Niagara Recycling's history dates back to 1974 when the Niagara Training and Employment Agency located in Port Robinson, Ontario began a recycling program to provide training and employment for developmentally challenged adults. The operation became incorporated as the Niagara Training and Employment Agency (NTEC) on Nov. 3, 1978. Not long after this the name Niagara Recycling was chosen.
At first, collection was limited to curbside collection of newspaper that residents would request via telephone. But, early in 1979 we began monthly curbside newspaper collection by ward. Shortly after, glass bottles, jars and steel cans were added to the collection service decreasing the amount of waste going to landfills. Then, later that same year, twice-monthly collection began and recycling collection became linked to regular garbage collection days.

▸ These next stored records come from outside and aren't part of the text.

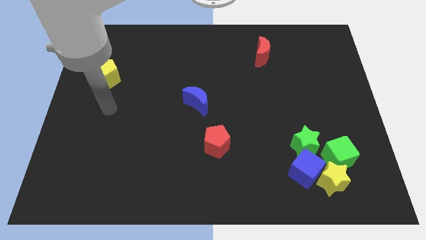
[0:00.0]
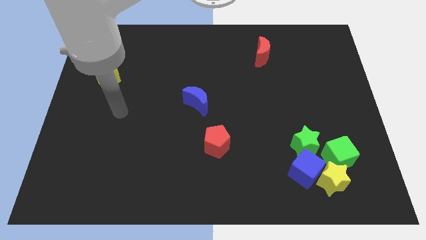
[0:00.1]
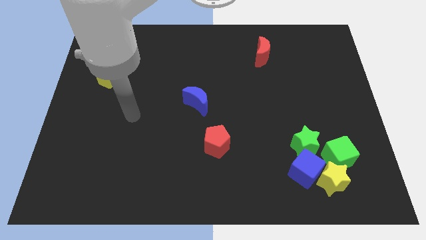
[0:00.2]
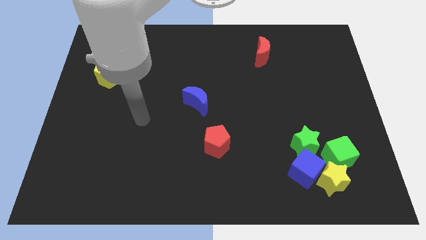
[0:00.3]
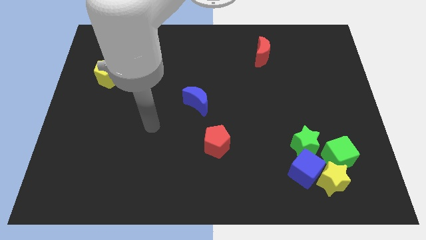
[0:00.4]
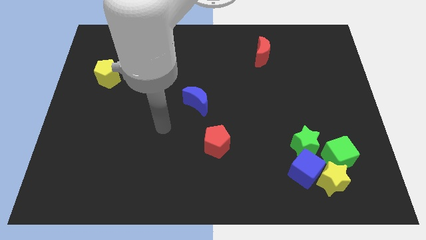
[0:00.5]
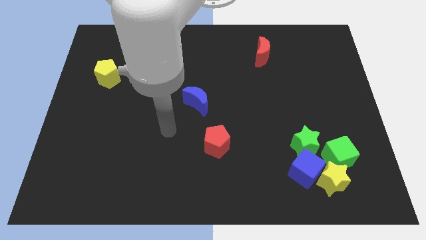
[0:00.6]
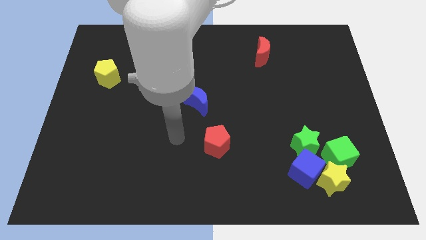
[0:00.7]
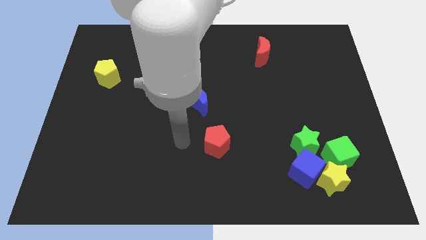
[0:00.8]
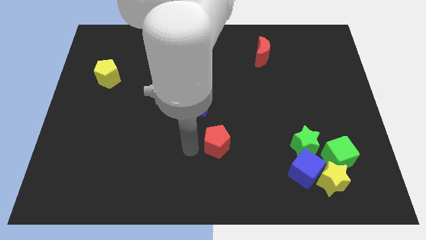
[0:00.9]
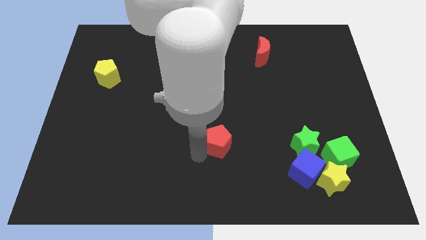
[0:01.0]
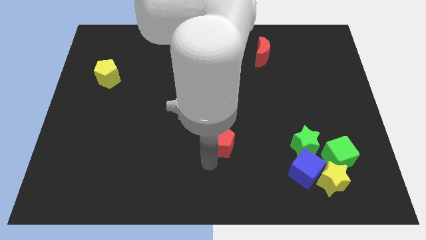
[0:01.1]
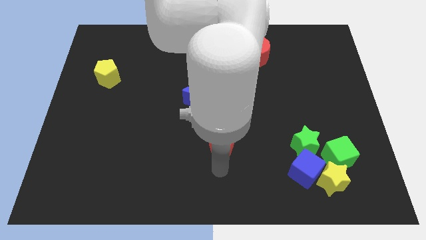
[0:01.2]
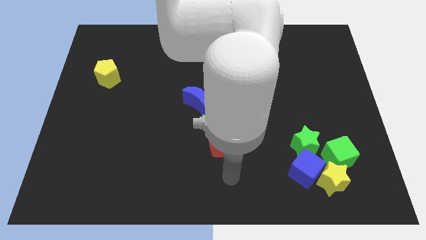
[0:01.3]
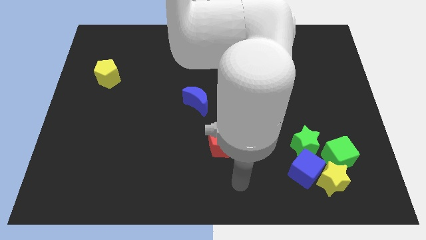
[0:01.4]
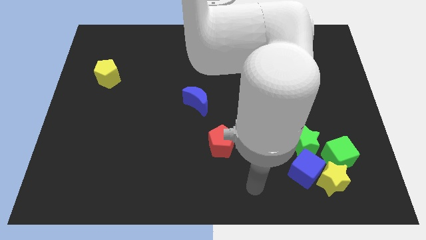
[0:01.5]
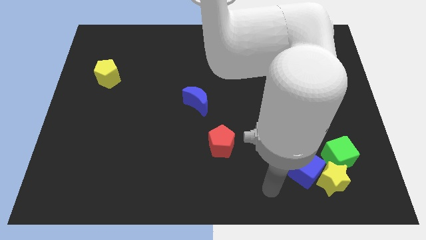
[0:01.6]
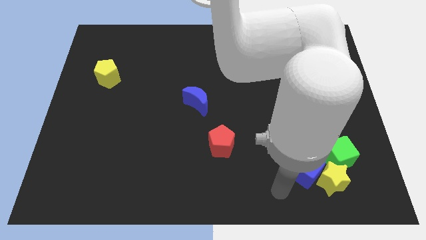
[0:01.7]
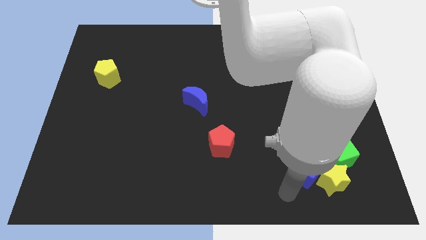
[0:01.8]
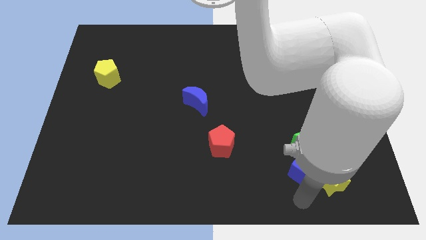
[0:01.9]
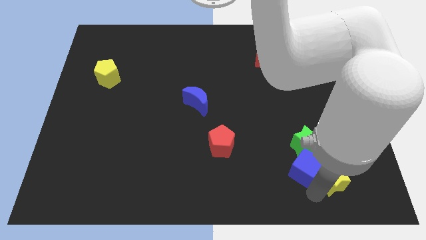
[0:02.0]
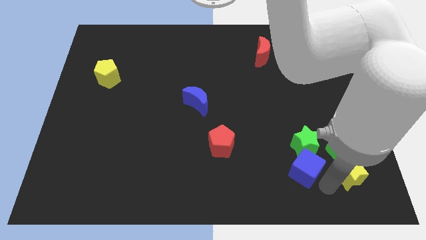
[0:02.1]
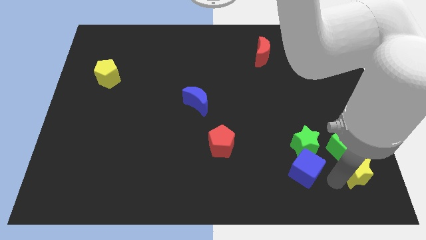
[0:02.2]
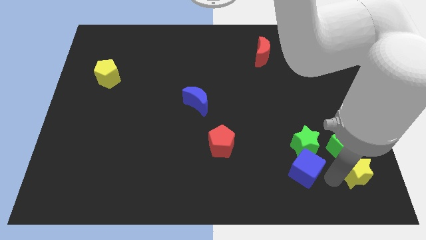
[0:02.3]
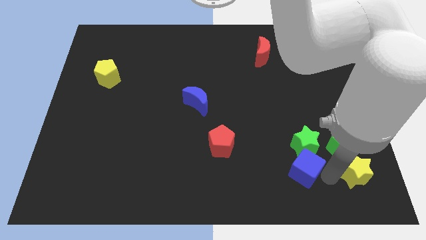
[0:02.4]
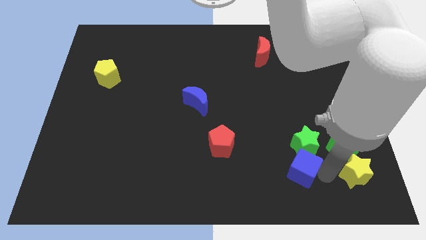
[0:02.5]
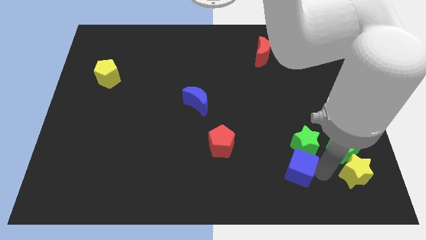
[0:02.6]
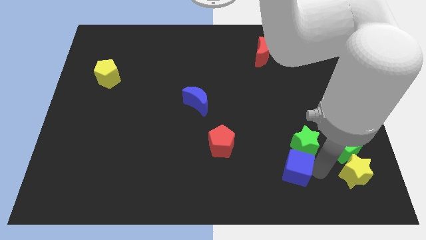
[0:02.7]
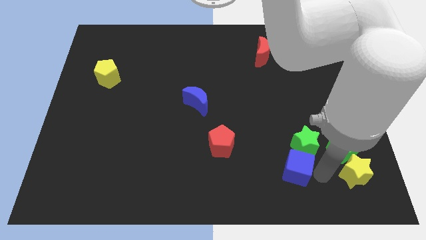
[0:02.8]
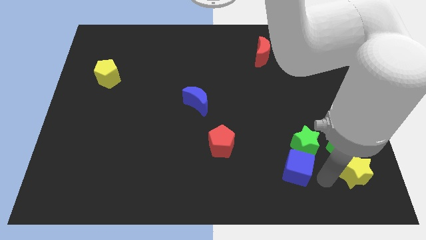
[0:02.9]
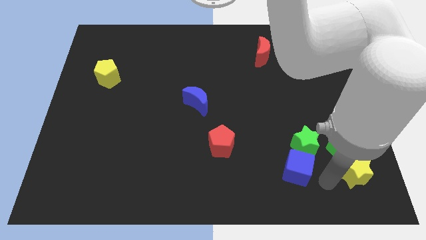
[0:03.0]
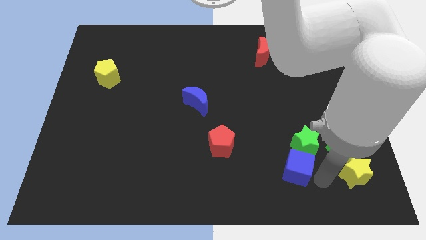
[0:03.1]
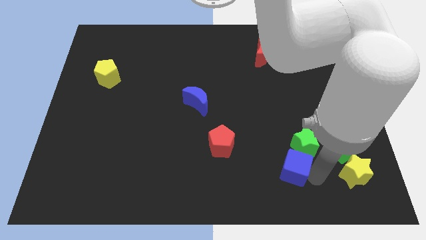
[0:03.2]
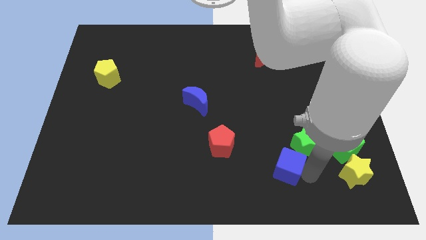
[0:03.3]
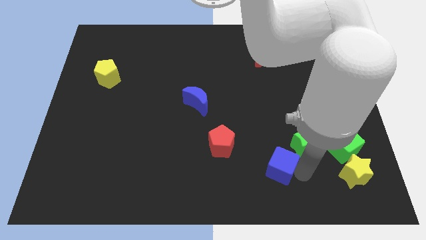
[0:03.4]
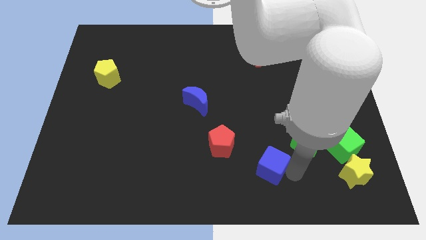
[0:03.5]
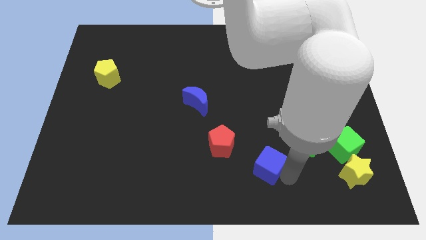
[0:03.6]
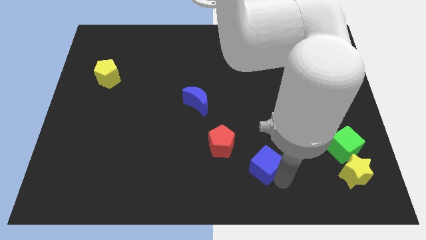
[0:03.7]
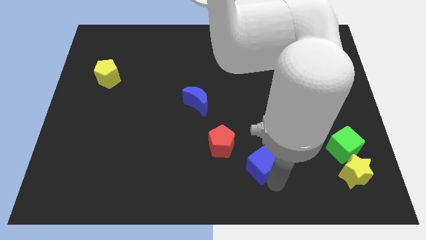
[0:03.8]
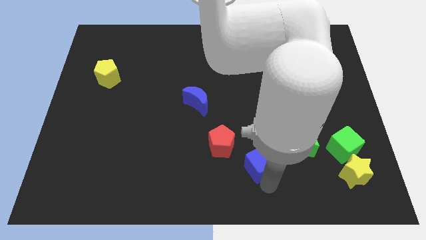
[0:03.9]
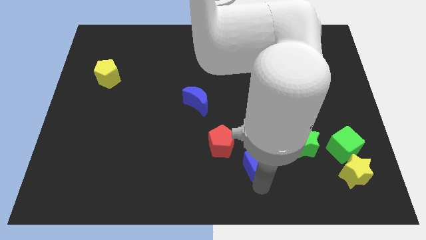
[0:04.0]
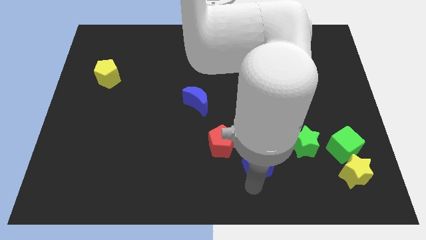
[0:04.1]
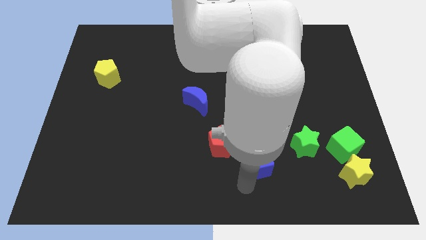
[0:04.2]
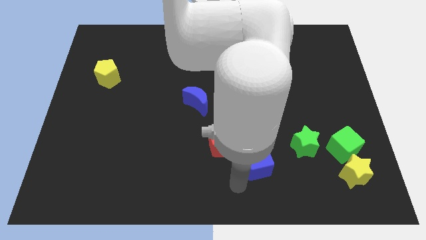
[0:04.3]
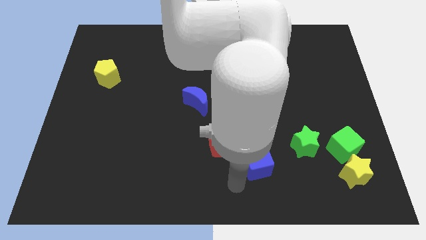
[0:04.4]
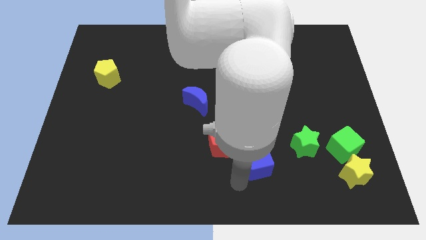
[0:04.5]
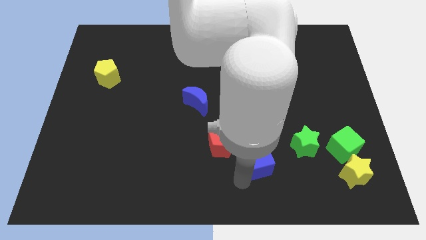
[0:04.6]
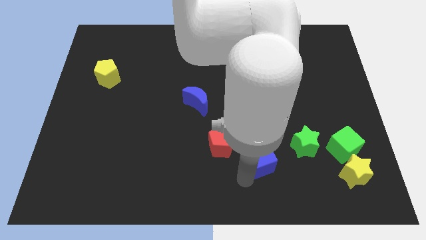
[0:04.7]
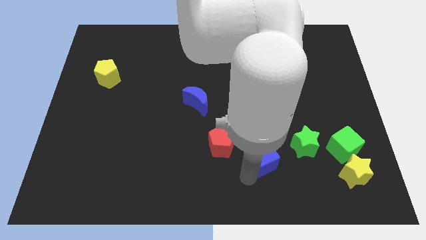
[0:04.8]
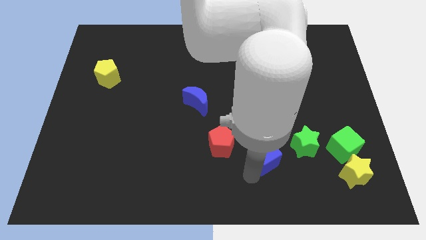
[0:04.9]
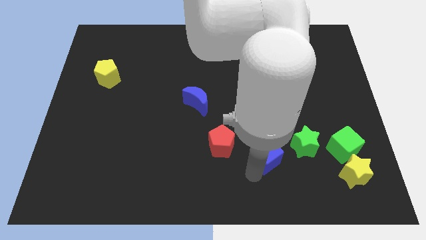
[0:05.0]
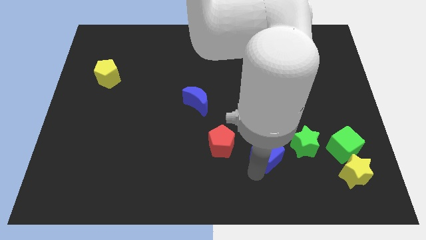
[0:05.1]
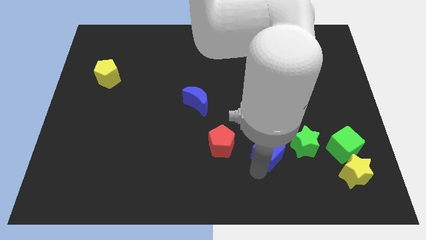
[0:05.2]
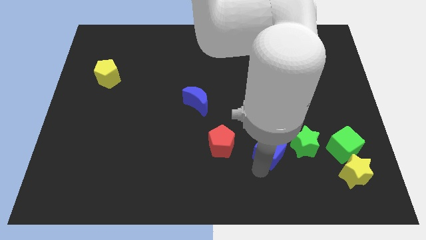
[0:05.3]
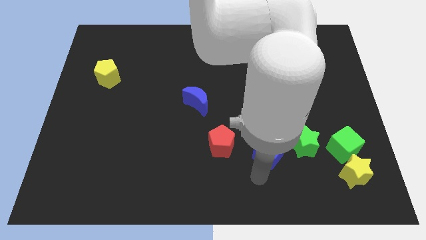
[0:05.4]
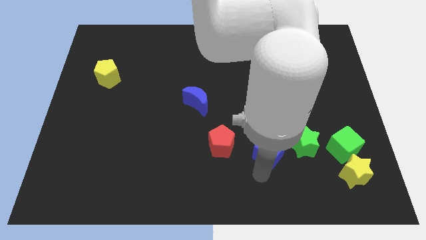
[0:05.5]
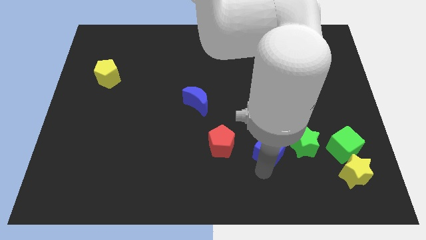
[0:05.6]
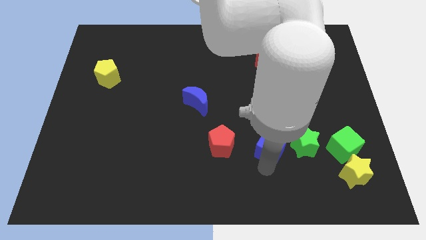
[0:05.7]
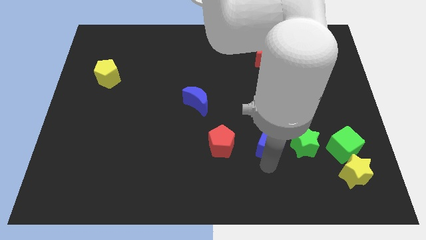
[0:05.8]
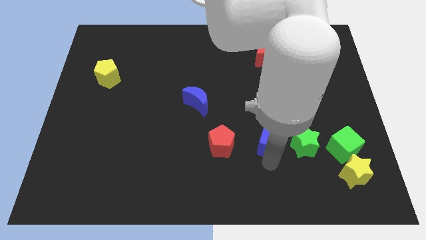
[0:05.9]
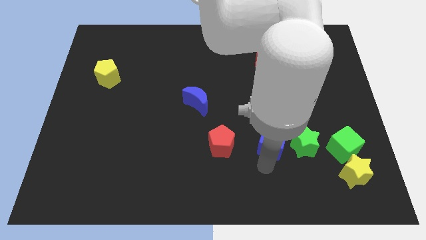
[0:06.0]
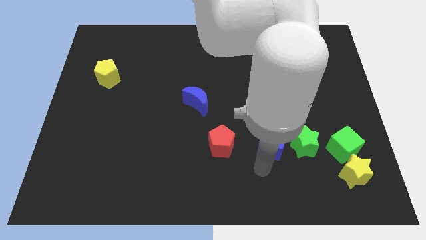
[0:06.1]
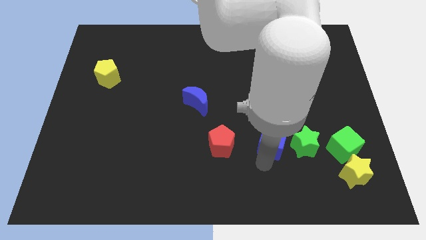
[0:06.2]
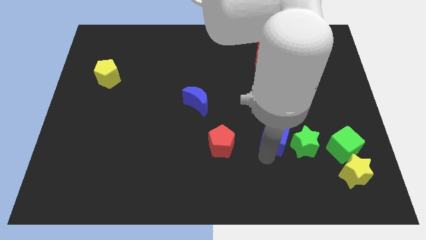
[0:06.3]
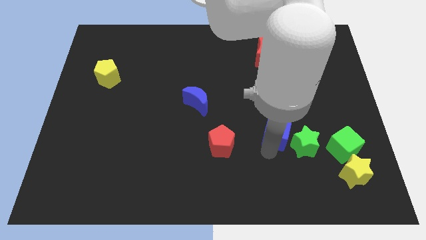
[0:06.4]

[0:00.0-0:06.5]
push the blue cube upwards a bit

The first residential curbside recycling program was started in the Town of Pelham in 1985. The success of this program set a precedent for similar programs that followed through the '80s. By October 1986, the operation had expanded to a multi-material curbside program using Niagara Recycling vehicles in Thorold, Port Colborne, Welland, Pelham, and Niagara Falls. The first PET (plastic) curbside collection program in Ontario began in Pelham in the mid '80s.
In 1989, 10 years after recycling began in Niagara, the Blue Box program expanded from the urban streetscape to the rural countryside of the Niagara Region. A year later, Niagara Recycling working with the four school boards and the Ministry of the Environment brought the Student Action for Recycling (STAR) program to the Niagara Region. Recycling had become well-established in the Niagara Region.
In 2003, new grey box programs were launched in the West Lincoln area. By 2004, the entire regional curbside program included both the blue and grey boxes.
Today the name Niagara Recycling has become synonymous with the recycling program in the Niagara Region.